_What the task requires_
The copy has to match the records word for word and include no pictures.

-- Data for this task follows --

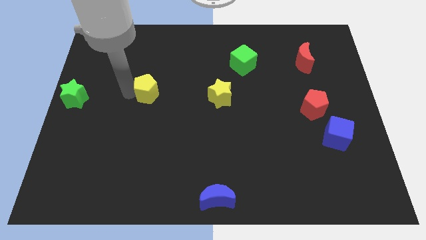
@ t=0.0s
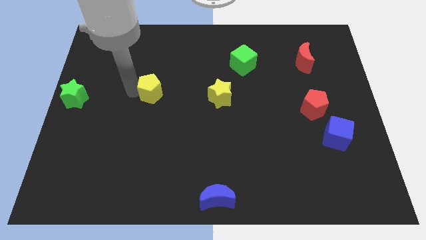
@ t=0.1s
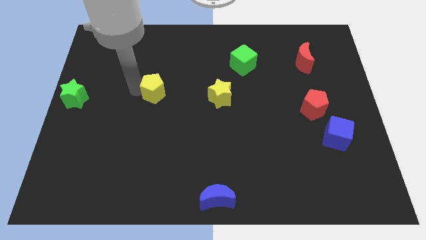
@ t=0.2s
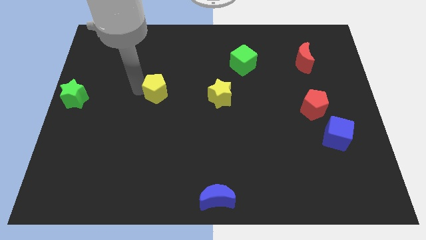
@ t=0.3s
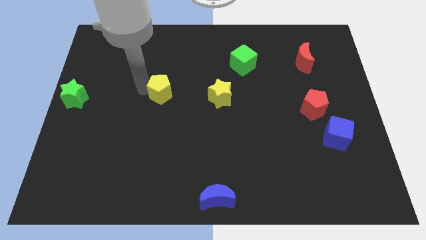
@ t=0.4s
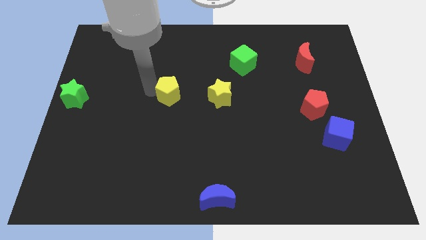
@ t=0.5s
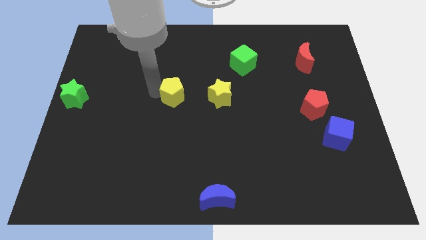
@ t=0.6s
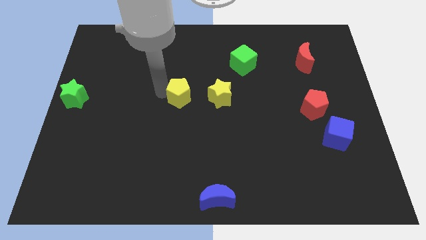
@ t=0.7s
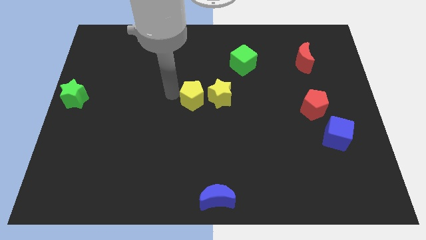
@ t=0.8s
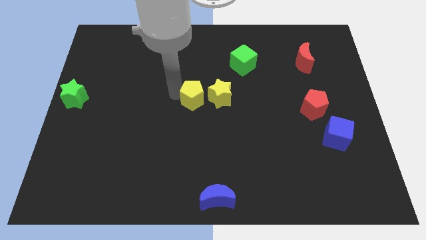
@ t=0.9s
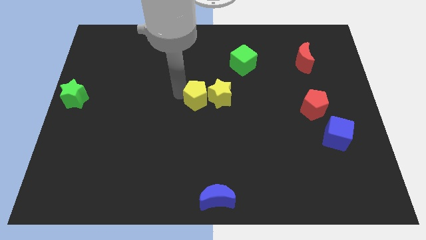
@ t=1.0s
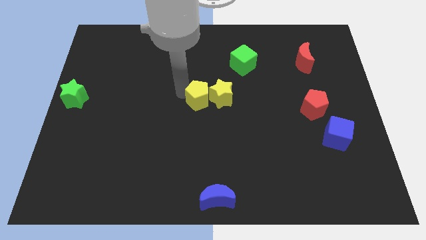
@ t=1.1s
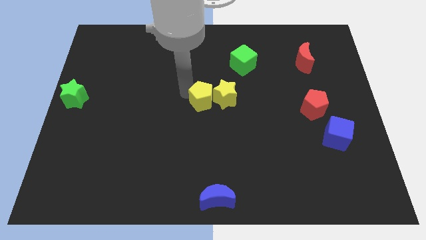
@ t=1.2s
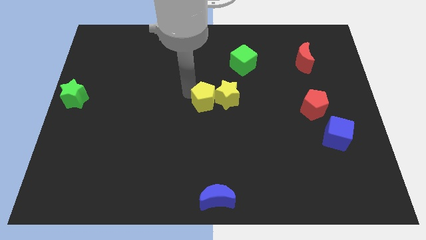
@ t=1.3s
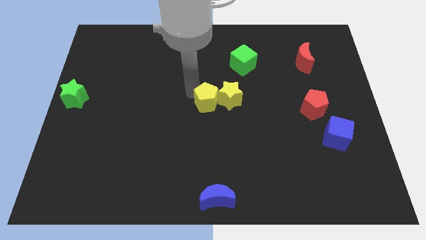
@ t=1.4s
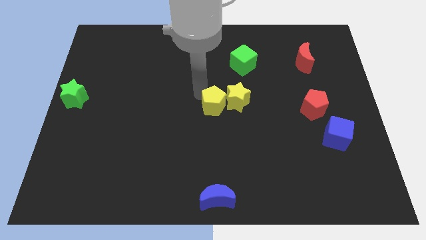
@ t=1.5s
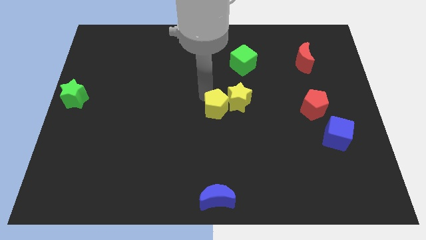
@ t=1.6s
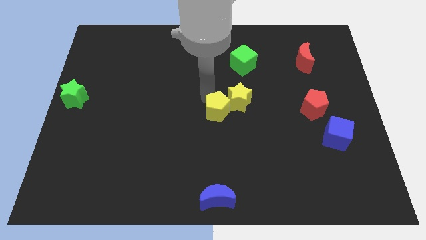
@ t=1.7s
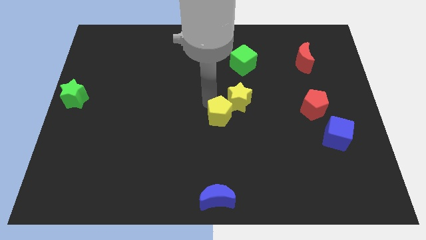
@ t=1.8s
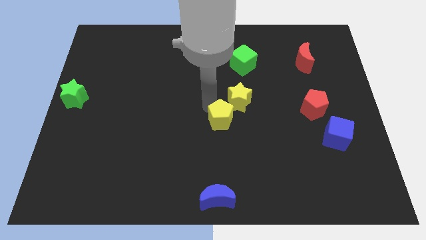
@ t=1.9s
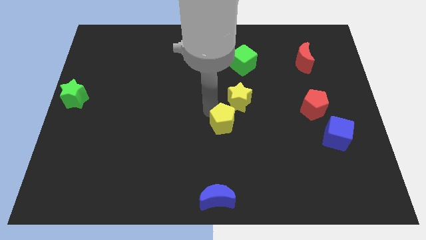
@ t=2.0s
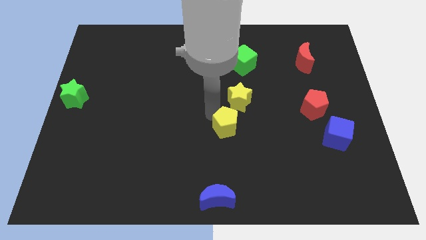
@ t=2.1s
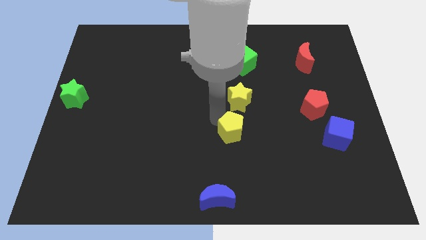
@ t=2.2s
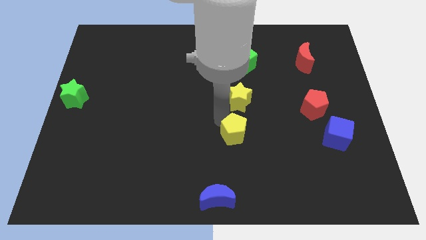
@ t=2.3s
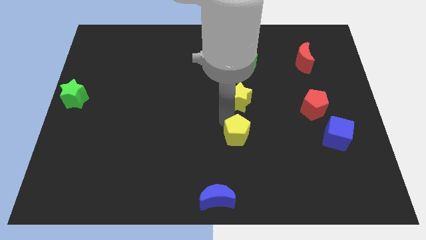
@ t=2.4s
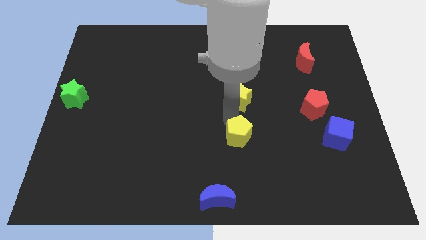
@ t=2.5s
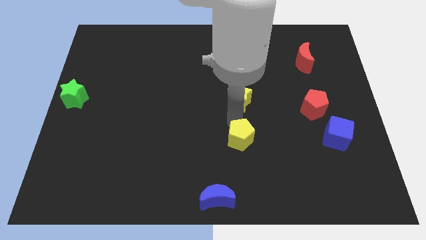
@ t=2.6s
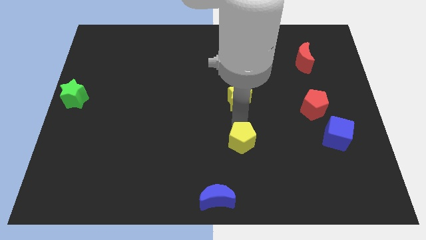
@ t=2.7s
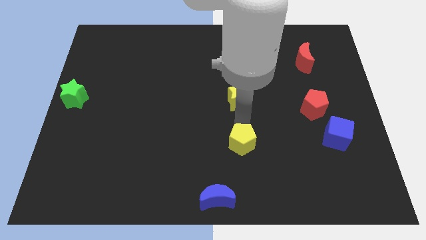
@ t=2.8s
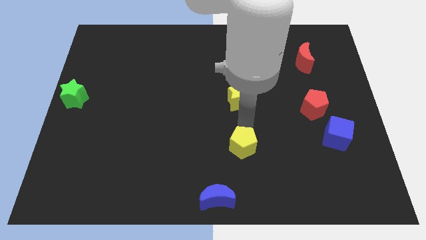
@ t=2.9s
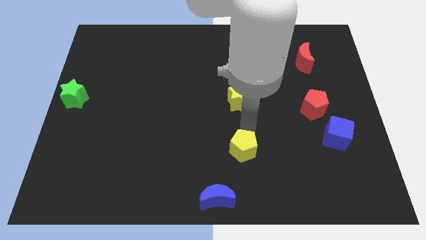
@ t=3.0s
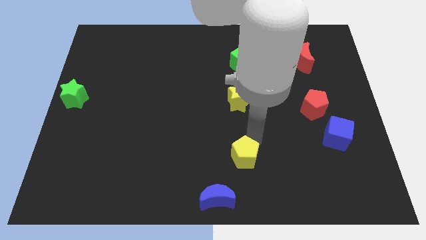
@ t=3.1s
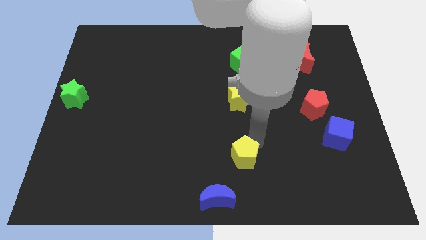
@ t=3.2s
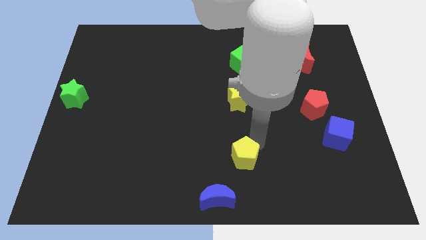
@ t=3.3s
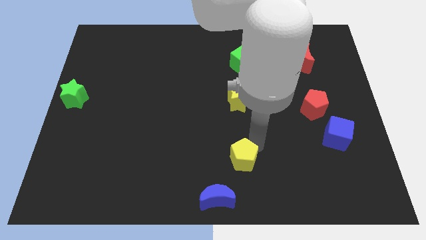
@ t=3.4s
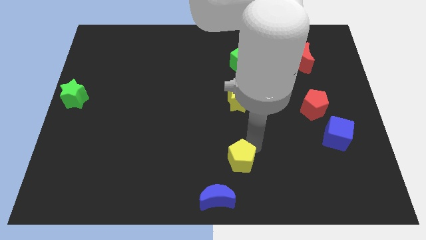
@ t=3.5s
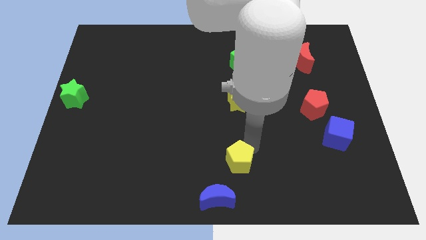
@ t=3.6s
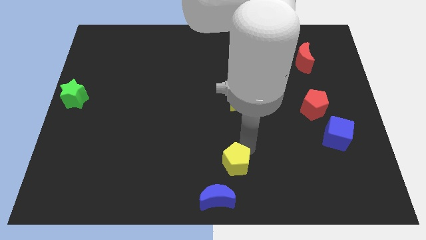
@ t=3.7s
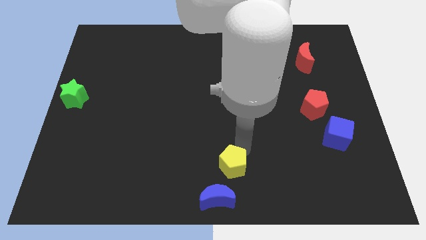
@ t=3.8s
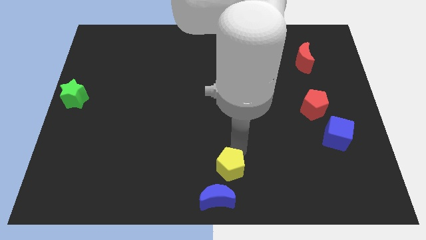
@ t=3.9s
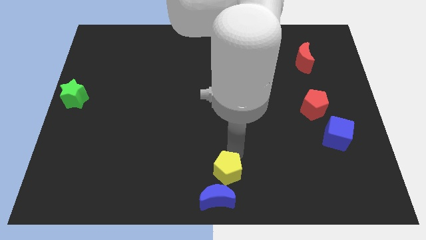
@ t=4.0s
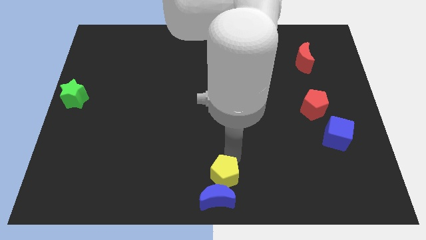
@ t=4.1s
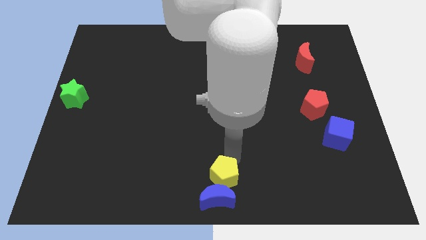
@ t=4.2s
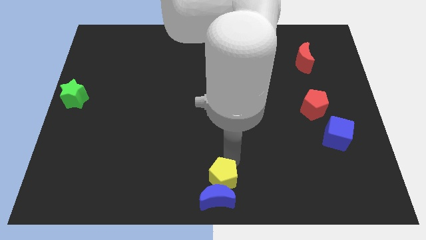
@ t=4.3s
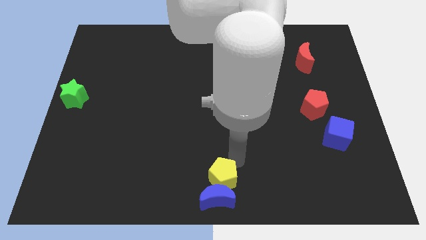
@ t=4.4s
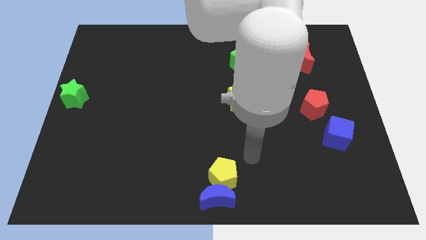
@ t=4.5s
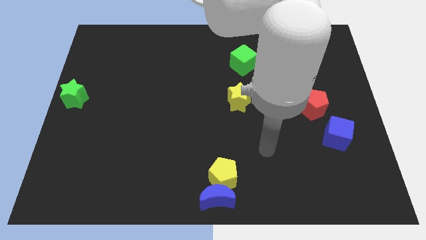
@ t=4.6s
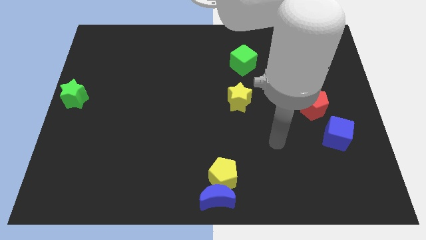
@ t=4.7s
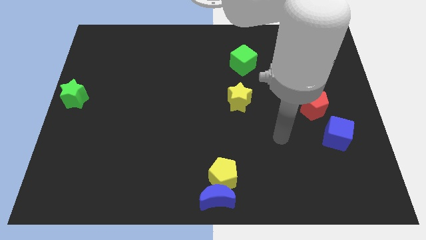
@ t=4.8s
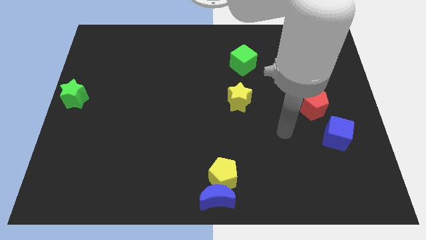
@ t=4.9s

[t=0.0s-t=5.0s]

-- Data for this task concluded --

_Response_
@ t=0.0s
@ t=0.1s
@ t=0.2s
@ t=0.3s
@ t=0.4s
@ t=0.5s
@ t=0.6s
@ t=0.7s
@ t=0.8s
@ t=0.9s
@ t=1.0s
@ t=1.1s
@ t=1.2s
@ t=1.3s
@ t=1.4s
@ t=1.5s
@ t=1.6s
@ t=1.7s
@ t=1.8s
@ t=1.9s
@ t=2.0s
@ t=2.1s
@ t=2.2s
@ t=2.3s
@ t=2.4s
@ t=2.5s
@ t=2.6s
@ t=2.7s
@ t=2.8s
@ t=2.9s
@ t=3.0s
@ t=3.1s
@ t=3.2s
@ t=3.3s
@ t=3.4s
@ t=3.5s
@ t=3.6s
@ t=3.7s
@ t=3.8s
@ t=3.9s
@ t=4.0s
@ t=4.1s
@ t=4.2s
@ t=4.3s
@ t=4.4s
@ t=4.5s
@ t=4.6s
@ t=4.7s
@ t=4.8s
@ t=4.9s

[t=0.0s-t=5.0s]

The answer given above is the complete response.